2025 Tech Scam Guide: Deepfakes, BEC, Crypto

2025 Tech Scam Guide: Deepfakes, BEC, Crypto

The 2025 Guide to Tech Scams: Deepfakes, BEC, Crypto, and More

In one of the most striking frauds of the AI era, a multinational firm reportedly lost about $25 million after an employee was tricked by a deepfake video conference that perfectly impersonated executives. That incident caps a broader surge in tech-enabled scams: U.S. consumers reported losing nearly $10 billion to fraud in 2023 (FTC), while the FBI’s Internet Crime Complaint Center (IC3) tallied $12.5 billion in losses across 880,418 complaints. This guide distills the latest, data-backed tactics scammers use—and the precise steps consumers, businesses, seniors, and power users can take to stop them.
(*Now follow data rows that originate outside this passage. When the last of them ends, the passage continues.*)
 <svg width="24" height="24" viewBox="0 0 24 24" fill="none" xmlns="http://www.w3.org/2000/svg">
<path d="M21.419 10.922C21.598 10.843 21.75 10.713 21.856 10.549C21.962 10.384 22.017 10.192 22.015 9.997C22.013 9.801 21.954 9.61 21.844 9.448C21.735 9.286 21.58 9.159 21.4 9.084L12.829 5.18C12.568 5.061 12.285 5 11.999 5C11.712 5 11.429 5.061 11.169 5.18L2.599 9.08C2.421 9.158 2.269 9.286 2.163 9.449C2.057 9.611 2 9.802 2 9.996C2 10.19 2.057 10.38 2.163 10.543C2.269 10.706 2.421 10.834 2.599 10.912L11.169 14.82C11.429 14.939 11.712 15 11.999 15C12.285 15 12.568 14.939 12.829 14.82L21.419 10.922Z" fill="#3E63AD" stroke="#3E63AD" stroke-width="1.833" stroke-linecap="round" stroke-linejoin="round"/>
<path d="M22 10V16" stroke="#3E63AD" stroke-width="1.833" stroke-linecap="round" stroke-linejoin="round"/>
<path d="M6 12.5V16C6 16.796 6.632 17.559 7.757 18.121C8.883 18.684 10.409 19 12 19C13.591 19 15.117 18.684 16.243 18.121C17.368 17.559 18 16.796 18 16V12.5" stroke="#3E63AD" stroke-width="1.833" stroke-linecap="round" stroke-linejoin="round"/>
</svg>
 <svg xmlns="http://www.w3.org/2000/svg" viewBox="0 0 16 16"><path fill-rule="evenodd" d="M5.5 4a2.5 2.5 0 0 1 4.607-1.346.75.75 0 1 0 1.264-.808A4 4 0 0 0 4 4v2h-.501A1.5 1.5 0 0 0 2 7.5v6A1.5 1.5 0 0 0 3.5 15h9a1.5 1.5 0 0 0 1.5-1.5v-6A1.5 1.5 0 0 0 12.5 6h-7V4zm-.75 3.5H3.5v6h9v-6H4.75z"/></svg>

Note: Statistics below reflect the latest official releases available through late 2024 (FBI IC3 2023, FTC 2023, Chainalysis 2024) and will be updated as new 2025 data is released.

AI Deepfake Scams

Recent Cases and Financial Impact

– A finance worker in Hong Kong was duped by a deepfake video call that mimicked company leaders, triggering transfers totaling roughly $25 million (reported in early 2024).
– Imposter scams—many now supercharged by AI voice/video fakes—drove $2.7 billion in reported U.S. losses in 2023 (FTC).
– The FBI’s IC3 recorded $12.5 billion in total cyber-enabled crime losses in 2023, underscoring the scale of financially motivated online fraud that deepfakes now amplify.

How This Scam Works

  • Recon: Criminals scrape social media, earnings calls, interviews, and prior meeting recordings to train voice/video models.
  • Setup: Targets are invited to “urgent” video calls or receive convincing audio messages from supposed executives, celebrities, or family members.
  • Pressure: Scammers demand immediate payments, confidentiality, or gift card/crypto purchases, citing time zones, legal holds, or deal deadlines.
  • Payment: Funds are pushed to mule or crypto wallets; money is quickly layered across accounts.

Warning Signs

  • Slightly off lip sync, unnatural eye blinking, or odd background artifacts in video.
  • Audio cadence that sounds right but lacks normal back-and-forth or shows latency.
  • “Urgent and secret” payment requests outside normal approvals.
  • Unusual payment rails: new vendors, crypto, gift cards, or wire destinations.

Protection Strategies

  • All audiences: Agree on a “safe word” or personal challenge only family/colleagues would know; verify requests via a second channel you initiate (call a known number, not one provided in the message).
  • Businesses: Require out-of-band approvals for payments above set thresholds; enforce callback verification to a known directory number; use multi-person approval workflows for vendor/bank changes.
  • Elderly users: Never move money or buy gift cards/crypto based on a call or pop-up; hang up and call a known family number or bank directly.
  • Tech-savvy users: Use real-time video challenges (ask the caller to perform unscripted actions), and apply meeting waiting rooms so you can vet participants.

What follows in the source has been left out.